Should You Be Using a Safe Deposit Box?
A safe deposit box is meant to protect your belongings, but it costs money and time to use. Some valuables are more important to store securely than others, while others don't need that level of security at all.
Let's look at the factors that should be taken into consideration when deciding whether or not to get one for yourself or your family.
The Access Factor
Safe deposit boxes are more secure than any kind of storage in your home, but they can be difficult to access in real time. Valuables you'll want to use or consult on a regular basis aren't appropriate for a safe deposit box, but those you only need to access occasionally may be.
Personal documents are a good illustration of this factor in action. You should keep your documents secure, but you wouldn't store your driver's license or credit cards in a bank because you need immediate access to them. Your social security card, birth certificate, and passport, on the other hand, might be good candidates.
Because safe deposit boxes should be fire-resistant, they can serve to archive important documents in case of fire (and similarly prevent you from losing information if a burglar grabs everything in a file drawer). Here's a list of the documents recommended for storage:
- Family records
- Marriage licenses
- Birth and death certificates
- Divorce and adoption papers
- Citizenship records
- Military service documents
- Any document that was court ordered
- Deeds, titles, and mortgage papers
- Insurance records
- Leases and similar contracts
- Certificates of stocks, bonds, or CDs
- Patent and copyright documents
- Tax-related documents
- A list of valuables kept in your home
If you use a safe deposit box for these items, it's a good idea to keep copies in your home. Do the same with your marriage and birth certificates. Never keep the only copy of your will in a box. Your executor will need it to open the box.
The Problem with Cash
If you watch movies, you might've seen images of a safe deposit box stuffed with cash. However, that isn't how these boxes should be used; contents of these boxes are not insured by the FDIC. This means that if the bank is robbed, your lost cash is just that — lost. If you're putting your money in the bank anyway, you might as well place it in a secure, insured account bearing interest.
Other Common Items
The other types of items that are smart to keep in your box are valuable items you don't often access. Things like jewelry you wear just once or twice a year, (small) art pieces that you've purchased as an investment, precious metals, and some antiques can all be stored in a safe deposit box.
You can also use the boxes to store items of sentimental value that you don't want to keep on display.
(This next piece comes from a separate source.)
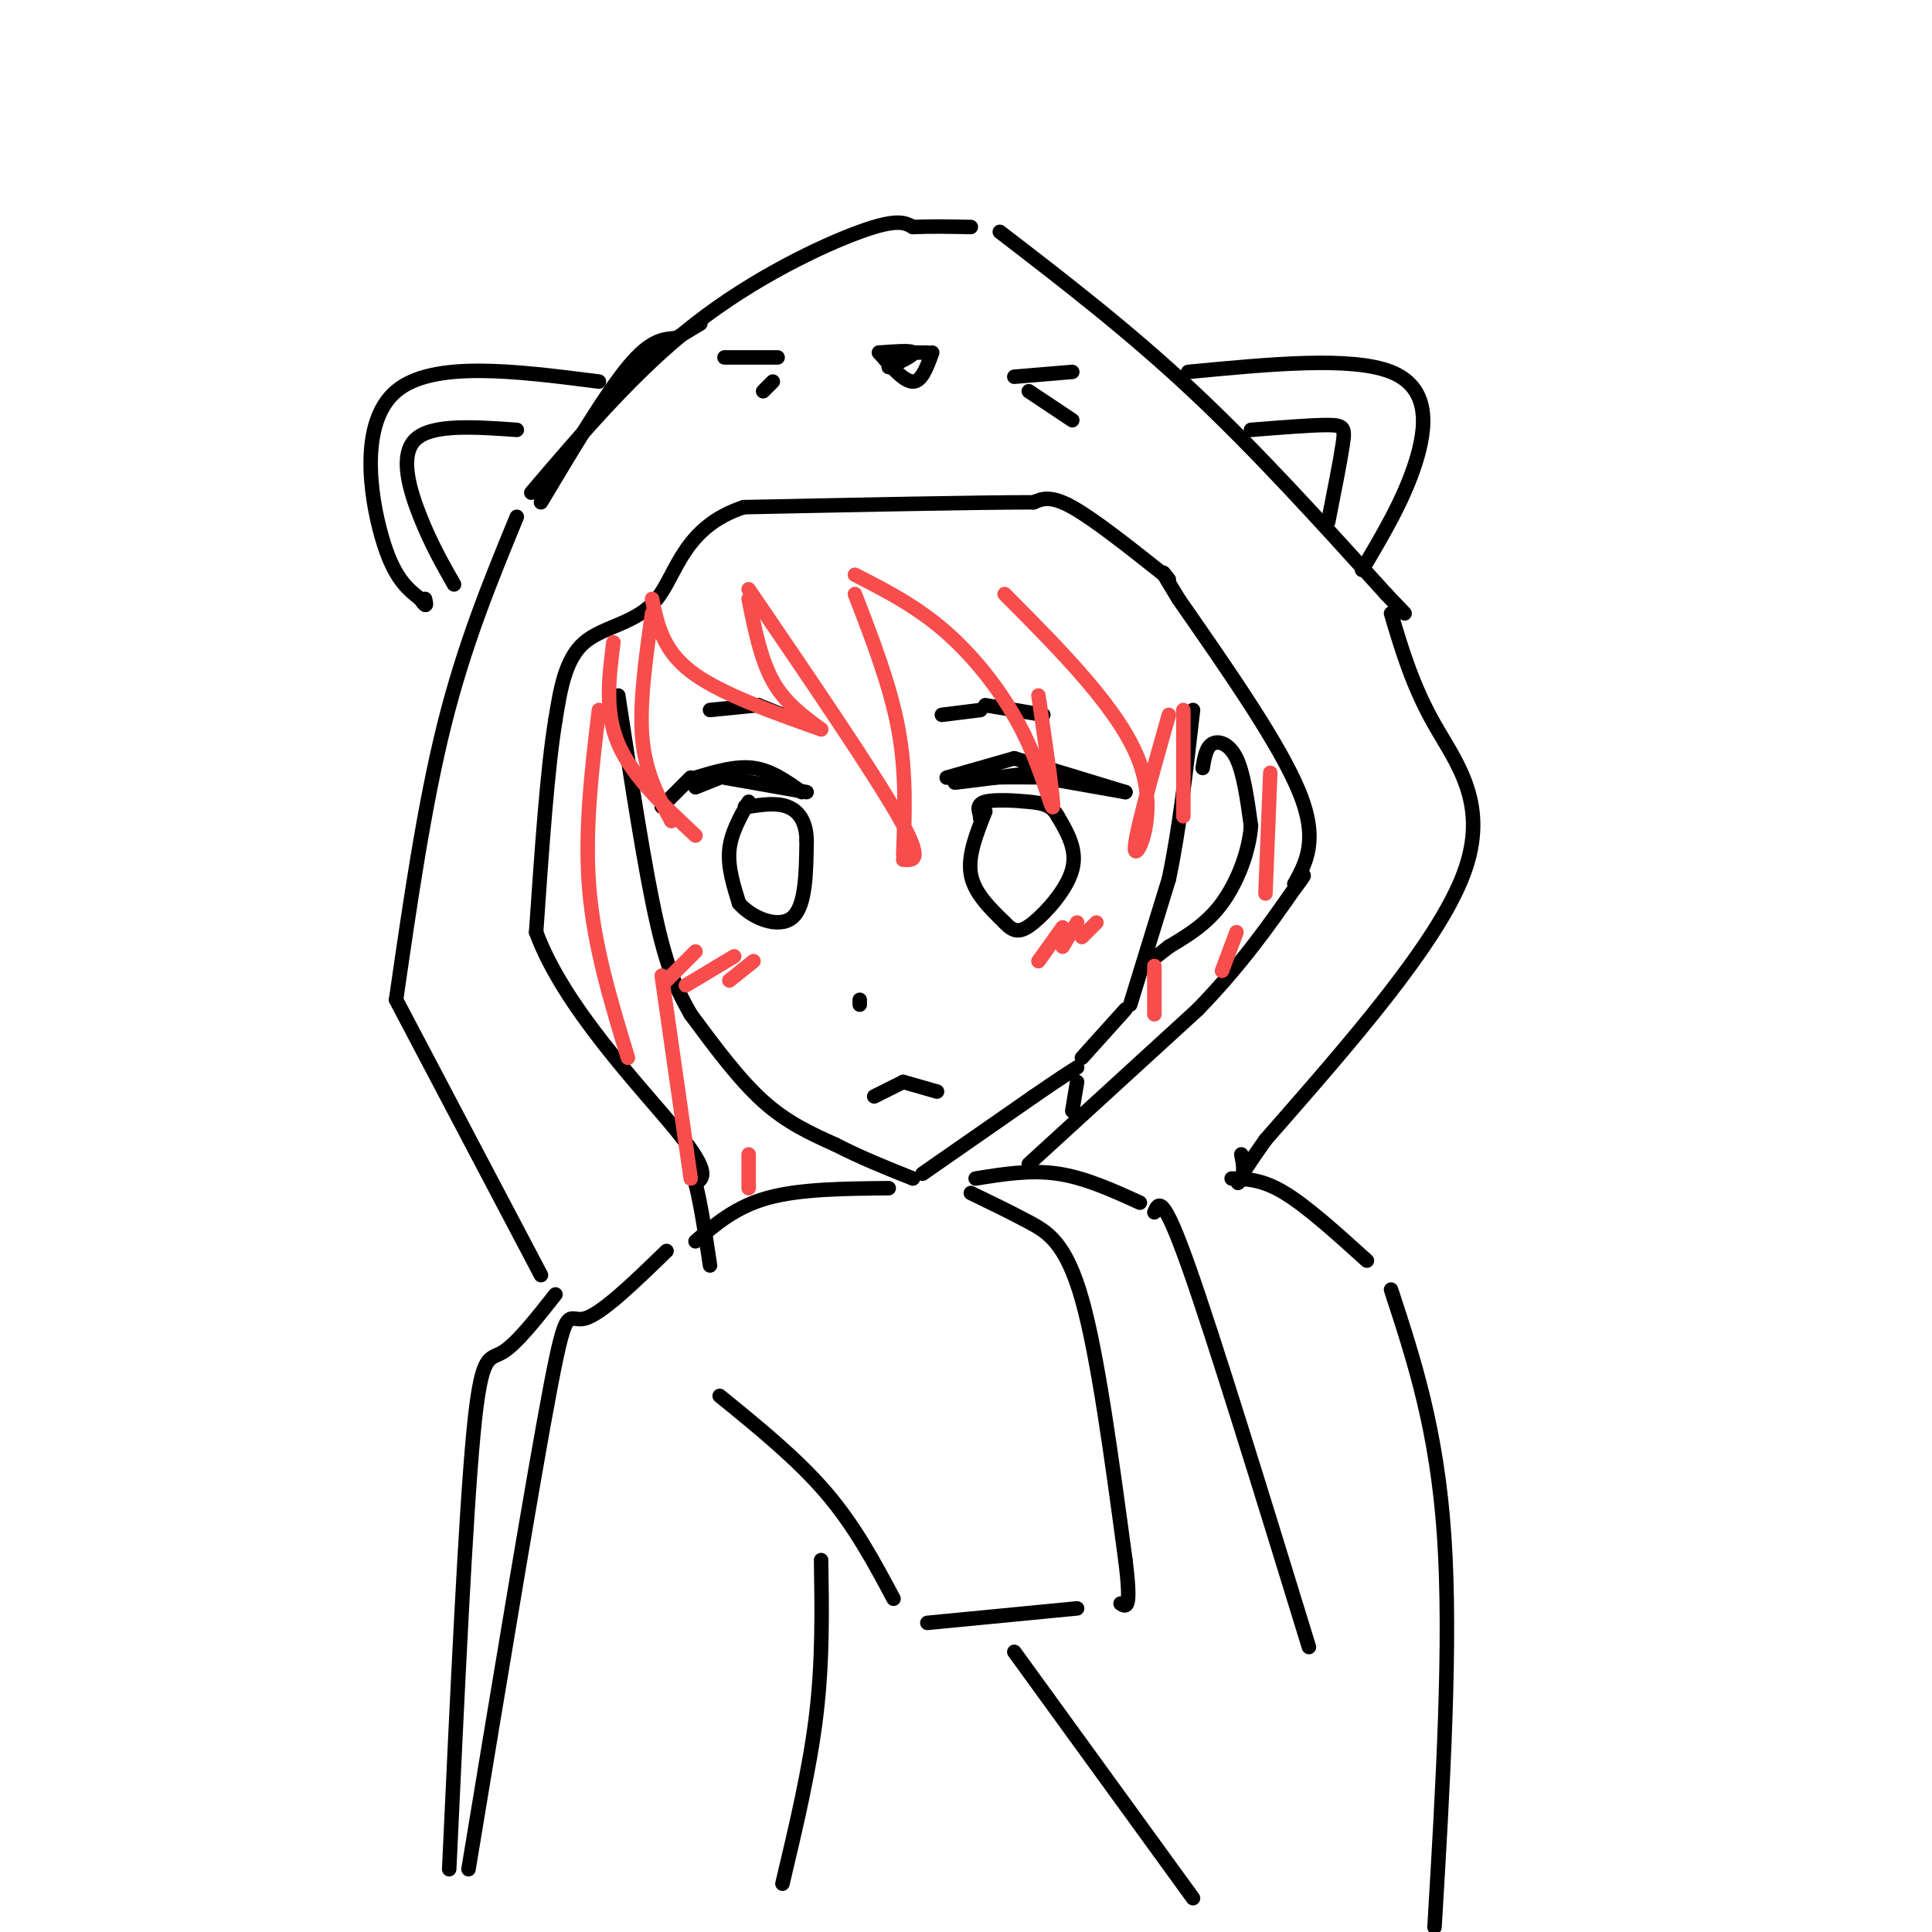<svg viewBox='0 0 400 400' version='1.1' xmlns='http://www.w3.org/2000/svg' xmlns:xlink='http://www.w3.org/1999/xlink'><g fill='none' stroke='rgb(0,0,0)' stroke-width='3' stroke-linecap='round' stroke-linejoin='round'><path d='M128,144c2.750,18.000 5.500,36.000 8,47c2.500,11.000 4.750,15.000 7,19'/><path d='M143,210c5.000,6.750 10.000,13.500 15,18c5.000,4.500 10.000,6.750 15,9'/><path d='M173,237c5.167,2.667 10.583,4.833 16,7'/><path d='M191,243c0.000,0.000 23.000,-16.000 23,-16'/><path d='M214,227c5.333,-3.667 7.167,-4.833 9,-6'/><path d='M224,219c0.000,0.000 9.000,-10.000 9,-10'/><path d='M234,208c0.000,0.000 8.000,-26.000 8,-26'/><path d='M242,182c2.167,-10.167 3.583,-22.583 5,-35'/><path d='M249,159c0.356,-2.133 0.711,-4.267 2,-5c1.289,-0.733 3.511,-0.067 5,3c1.489,3.067 2.244,8.533 3,14'/><path d='M259,171c-0.378,5.333 -2.822,11.667 -6,16c-3.178,4.333 -7.089,6.667 -11,9'/><path d='M242,196c-2.500,2.000 -3.250,2.500 -4,3'/><path d='M137,167c0.000,0.000 6.000,-6.000 6,-6'/><path d='M144,161c4.167,-1.250 8.333,-2.500 12,-2c3.667,0.500 6.833,2.750 10,5'/><path d='M167,164c0.000,0.000 -17.000,-3.000 -17,-3'/><path d='M149,161c0.000,0.000 -5.000,2.000 -5,2'/><path d='M196,161c0.000,0.000 14.000,-4.000 14,-4'/><path d='M210,157c0.000,0.000 23.000,7.000 23,7'/><path d='M233,164c0.000,0.000 -17.000,-3.000 -17,-3'/><path d='M214,160c-7.250,0.917 -14.500,1.833 -16,2c-1.500,0.167 2.750,-0.417 7,-1'/><path d='M205,161c3.500,-0.167 8.750,-0.083 14,0'/><path d='M204,168c-1.833,4.583 -3.667,9.167 -3,13c0.667,3.833 3.833,6.917 7,10'/><path d='M208,191c1.929,2.071 3.250,2.250 6,0c2.750,-2.250 6.929,-6.929 8,-11c1.071,-4.071 -0.964,-7.536 -3,-11'/><path d='M219,169c-1.298,-2.345 -3.042,-2.708 -6,-3c-2.958,-0.292 -7.131,-0.512 -9,0c-1.869,0.512 -1.435,1.756 -1,3'/><path d='M203,169c-0.167,0.500 -0.083,0.250 0,0'/><path d='M155,166c-1.833,3.250 -3.667,6.500 -4,10c-0.333,3.500 0.833,7.250 2,11'/><path d='M153,187c2.622,3.089 8.178,5.311 11,3c2.822,-2.311 2.911,-9.156 3,-16'/><path d='M167,174c-0.067,-4.044 -1.733,-6.156 -4,-7c-2.267,-0.844 -5.133,-0.422 -8,0'/><path d='M155,167c-1.333,0.000 -0.667,0.000 0,0'/><path d='M178,207c0.000,0.000 0.000,1.000 0,1'/><path d='M181,227c0.000,0.000 6.000,-3.000 6,-3'/><path d='M187,224c0.000,0.000 7.000,2.000 7,2'/><path d='M147,147c0.000,0.000 10.000,-1.000 10,-1'/><path d='M157,146c0.000,0.000 5.000,2.000 5,2'/><path d='M195,148c0.000,0.000 8.000,-1.000 8,-1'/><path d='M204,146c0.000,0.000 12.000,2.000 12,2'/><path d='M144,257c4.167,-3.583 8.333,-7.167 15,-9c6.667,-1.833 15.833,-1.917 25,-2'/><path d='M201,247c4.044,1.956 8.089,3.911 12,6c3.911,2.089 7.689,4.311 11,16c3.311,11.689 6.156,32.844 9,54'/><path d='M233,323c1.333,10.500 0.167,9.750 -1,9'/><path d='M223,333c0.000,0.000 -31.000,3.000 -31,3'/><path d='M185,331c-4.000,-7.500 -8.000,-15.000 -14,-22c-6.000,-7.000 -14.000,-13.500 -22,-20'/><path d='M202,244c5.667,-0.917 11.333,-1.833 17,-1c5.667,0.833 11.333,3.417 17,6'/><path d='M239,251c0.833,-2.000 1.667,-4.000 7,11c5.333,15.000 15.167,47.000 25,79'/><path d='M223,224c0.000,0.000 -1.000,6.000 -1,6'/><path d='M213,241c0.000,0.000 35.000,-32.000 35,-32'/><path d='M248,209c9.167,-9.500 14.583,-17.250 20,-25'/><path d='M268,184c3.333,-4.333 1.667,-2.667 0,-1'/><path d='M268,183c2.500,-4.583 5.000,-9.167 1,-19c-4.000,-9.833 -14.500,-24.917 -25,-40'/><path d='M244,124c-4.500,-7.333 -3.250,-5.667 -2,-4'/><path d='M241,119c-7.250,-5.750 -14.500,-11.500 -19,-14c-4.500,-2.500 -6.250,-1.750 -8,-1'/><path d='M214,104c-11.333,0.000 -35.667,0.500 -60,1'/><path d='M154,105c-12.536,4.107 -13.875,13.875 -18,19c-4.125,5.125 -11.036,5.607 -15,9c-3.964,3.393 -4.982,9.696 -6,16'/><path d='M115,149c-1.667,10.000 -2.833,27.000 -4,44'/><path d='M111,193c5.644,15.467 21.756,32.133 29,41c7.244,8.867 5.622,9.933 4,11'/><path d='M144,245c1.167,4.667 2.083,10.833 3,17'/><path d='M107,107c-5.417,13.167 -10.833,26.333 -15,43c-4.167,16.667 -7.083,36.833 -10,57'/><path d='M82,207c0.000,0.000 30.000,57.000 30,57'/><path d='M112,104c6.667,-11.167 13.333,-22.333 18,-28c4.667,-5.667 7.333,-5.833 10,-6'/><path d='M140,70c2.500,-1.500 3.750,-2.250 5,-3'/><path d='M110,102c10.822,-12.689 21.644,-25.378 34,-35c12.356,-9.622 26.244,-16.178 34,-19c7.756,-2.822 9.378,-1.911 11,-1'/><path d='M189,47c3.833,-0.167 7.917,-0.083 12,0'/><path d='M207,48c13.333,10.250 26.667,20.500 40,33c13.333,12.500 26.667,27.250 40,42'/><path d='M287,123c6.667,7.000 3.333,3.500 0,0'/><path d='M288,127c2.222,7.489 4.444,14.978 9,23c4.556,8.022 11.444,16.578 6,31c-5.444,14.422 -23.222,34.711 -41,55'/><path d='M262,236c-7.489,10.556 -5.711,9.444 -5,8c0.711,-1.444 0.356,-3.222 0,-5'/><path d='M246,77c16.933,-1.622 33.867,-3.244 42,0c8.133,3.244 7.467,11.356 5,19c-2.467,7.644 -6.733,14.822 -11,22'/><path d='M259,89c6.356,-0.511 12.711,-1.022 16,-1c3.289,0.022 3.511,0.578 3,4c-0.511,3.422 -1.756,9.711 -3,16'/><path d='M124,79c-17.222,-2.200 -34.444,-4.400 -42,2c-7.556,6.400 -5.444,21.400 -3,30c2.444,8.600 5.222,10.800 8,13'/><path d='M87,124c1.500,2.167 1.250,1.083 1,0'/><path d='M94,121c-2.378,-4.178 -4.756,-8.356 -7,-14c-2.244,-5.644 -4.356,-12.756 -1,-16c3.356,-3.244 12.178,-2.622 21,-2'/><path d='M184,73c0.000,0.000 8.000,0.000 8,0'/><path d='M193,73c-1.083,3.000 -2.167,6.000 -4,6c-1.833,0.000 -4.417,-3.000 -7,-6'/><path d='M182,73c3.333,-0.250 6.667,-0.500 7,0c0.333,0.500 -2.333,1.750 -5,3'/><path d='M161,74c0.000,0.000 -11.000,0.000 -11,0'/><path d='M160,79c0.000,0.000 -2.000,2.000 -2,2'/><path d='M210,78c0.000,0.000 12.000,-1.000 12,-1'/><path d='M213,81c0.000,0.000 9.000,6.000 9,6'/><path d='M138,259c-6.778,6.578 -13.556,13.156 -17,14c-3.444,0.844 -3.556,-4.044 -7,14c-3.444,18.044 -10.222,59.022 -17,100'/><path d='M170,323c0.167,10.417 0.333,20.833 -1,32c-1.333,11.167 -4.167,23.083 -7,35'/><path d='M210,342c0.000,0.000 37.000,51.000 37,51'/><path d='M255,244c3.167,0.083 6.333,0.167 11,3c4.667,2.833 10.833,8.417 17,14'/><path d='M288,267c4.750,14.500 9.500,29.000 11,51c1.500,22.000 -0.250,51.500 -2,81'/><path d='M115,268c-4.089,5.178 -8.178,10.356 -11,12c-2.822,1.644 -4.378,-0.244 -6,17c-1.622,17.244 -3.311,53.622 -5,90'/></g>
<g fill='none' stroke='rgb(248,77,77)' stroke-width='3' stroke-linecap='round' stroke-linejoin='round'><path d='M127,133c-0.917,7.167 -1.833,14.333 1,21c2.833,6.667 9.417,12.833 16,19'/><path d='M139,170c-2.667,-4.917 -5.333,-9.833 -6,-17c-0.667,-7.167 0.667,-16.583 2,-26'/><path d='M135,124c1.083,5.250 2.167,10.500 8,15c5.833,4.500 16.417,8.250 27,12'/><path d='M170,151c-3.750,-2.750 -7.500,-5.500 -10,-10c-2.500,-4.500 -3.750,-10.750 -5,-17'/><path d='M155,122c12.833,18.833 25.667,37.667 31,47c5.333,9.333 3.167,9.167 1,9'/><path d='M187,177c0.333,-8.500 0.667,-17.000 -1,-26c-1.667,-9.000 -5.333,-18.500 -9,-28'/><path d='M177,119c6.417,3.280 12.833,6.560 19,12c6.167,5.440 12.083,13.042 16,21c3.917,7.958 5.833,16.274 6,15c0.167,-1.274 -1.417,-12.137 -3,-23'/><path d='M208,123c12.089,12.156 24.178,24.311 28,35c3.822,10.689 -0.622,19.911 -1,18c-0.378,-1.911 3.311,-14.956 7,-28'/><path d='M245,147c0.000,0.000 0.000,22.000 0,22'/><path d='M124,147c-1.500,12.500 -3.000,25.000 -2,37c1.000,12.000 4.500,23.500 8,35'/><path d='M137,202c0.000,0.000 6.000,42.000 6,42'/><path d='M155,239c0.000,0.000 0.000,7.000 0,7'/><path d='M239,200c0.000,0.000 0.000,10.000 0,10'/><path d='M263,160c0.000,0.000 -1.000,25.000 -1,25'/><path d='M256,193c0.000,0.000 -3.000,8.000 -3,8'/><path d='M215,199c0.000,0.000 5.000,-7.000 5,-7'/><path d='M220,196c0.000,0.000 3.000,-5.000 3,-5'/><path d='M224,194c0.000,0.000 3.000,-3.000 3,-3'/><path d='M138,203c0.000,0.000 6.000,-6.000 6,-6'/><path d='M142,204c0.000,0.000 10.000,-6.000 10,-6'/><path d='M151,203c0.000,0.000 5.000,-4.000 5,-4'/></g>
</svg>

Original photos and letters, especially from your family history, are a good example. So are medals and awards you don't want to display, but don't want to get rid of either.
Most people think of safe deposit boxes as a place to keep valuables, but this is only partially true. Most valuables are just as safe in your home under an insurance policy. The exception, like we mentioned above, are smaller investment items like gold or rare stamps.
What safe deposit boxes are most useful for is storing items that are valuable to you. It's a place to keep items your insurance can't replace, so you won't lose them in a fire, burglary, or similar catastrophe.